LeetCode problem #31 — Next Permutation (JavaScript)

In this LeetCode problem, we’re asked to write a function that, when provided an array of numbers, returns the next lexicographically greater permutation of those numbers. I would most definitely group this problem into the “why on earth is this a thing?” pile, but as the comments indicate it has come up in interviews, I’ll go ahead and run through it.

First off, what on earth does “next lexicographically greater permutation” mean? Basically, it means the next biggest number that you can achieve by rearranging the given numbers. So in other words, the next lexicographically greater permutation of [1, 2, 3] is [1, 3, 2] , because the other permutations ([2, 1, 3] , [2, 3, 1] , [3, 2, 1] and [3, 1, 2]), are all higher than [1, 3, 2] , and are thus not the next one.

To give another example, the potential permutations of [4, 8, 6] are [4, 6, 8] , [6, 8, 4], [6, 4, 8], [8, 6, 4] and [8, 4, 6], which means the next largest one to the original would be [6, 4, 8].

Of course, sometimes there will be no greater permutation, and so in that case you are instructed to return the lowest permutation available, which in the previous example would be [4, 6, 8].

Solution #1: Reverse-loop

LeetCode user ybmlk posted a wonderfully elegant solution, in which we loop through the numbers provided from end to start, looking for the first occurrence of a number decreasing, which will be our “left-swap”. Next we again look from right-to-left, until we find a number higher than our left-swap, and swap the two numbers round. This effectively gives us the lowest possible “swap” that can be achieved for the given array.

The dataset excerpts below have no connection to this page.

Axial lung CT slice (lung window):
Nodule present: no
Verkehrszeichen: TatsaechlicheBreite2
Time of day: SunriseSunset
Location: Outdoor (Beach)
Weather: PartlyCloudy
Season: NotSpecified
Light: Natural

To give a practical example, given the array [7, 2, 3, 1, 5, 4, 3, 2, 0] , we can see that the first decrease when looking right-to-left is from 5 to 1, making 1 our left-swap. Going right-to-left again, we can then see that the first number higher than our left-swap is 2, so we swap them round to give us [7, 2, 3, 2, 5, 4, 3, 1, 0].

Next, we sort the numbers to the right of the left-most swapped number to create the lowest possible permutation of the remaining digits. So in the example above, we take the numbers from the right of the moved-over 2, which are [5, 4, 3, 1, 0], and swap it for its lowest permutation (which we can achieved simply by ordering that array of numbers); [0, 1, 3, 4, 5]. By replacing the original values, this gives us the next greatest permutation of the original number: [7, 2, 3, 2, 0, 1, 3, 4, 5].

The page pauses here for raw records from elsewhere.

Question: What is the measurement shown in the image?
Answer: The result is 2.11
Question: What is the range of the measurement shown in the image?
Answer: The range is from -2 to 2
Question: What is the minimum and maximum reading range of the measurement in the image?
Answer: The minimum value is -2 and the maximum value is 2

As another example, let’s take [3, 8, 3, 7, 5, 1]. So, going right-to-left, the first decrease comes at number 3 (index 2), and the first higher number than this, again going right-to-left, is 5, so we swap those around to give us [3, 8, 5, 7, 3, 1]. We then order the numbers on the right of the swapped-over 5, and end up with [3, 8, 5, 1, 3, 7], which is indeed the next lowest permutation.

In some cases, there may not actually be a next lowest permutation (for example in the array [3, 2, 1]). In these cases, in line with the question spec, we simply return the lowest permutation, which is easily obtained by ordering the entire array, which gives us [1, 2, 3].

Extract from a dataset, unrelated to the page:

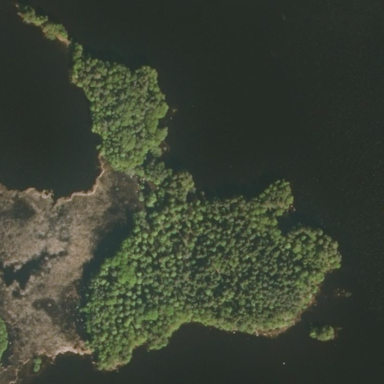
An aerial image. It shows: Image showing island.
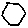
Label: hexagon

All of the above might sound a little daunting, but it’s actually pretty close to how we approach the problem as a human. Say for example you’re given the number [8, 1, 3, 0, 4] and asked to find the next highest permutation. You would naturally look for the first pair of numbers on the right that you can swap to make a higher number, which in this case is 0 and 4. If the set of numbers is a little more complex, such as the earlier case of [3, 8, 3, 7, 5, 1], the initial process remains the same; we still look for the first 2 “swappable” numbers, but we also have to sort the numbers after the swap, as outlined earlier.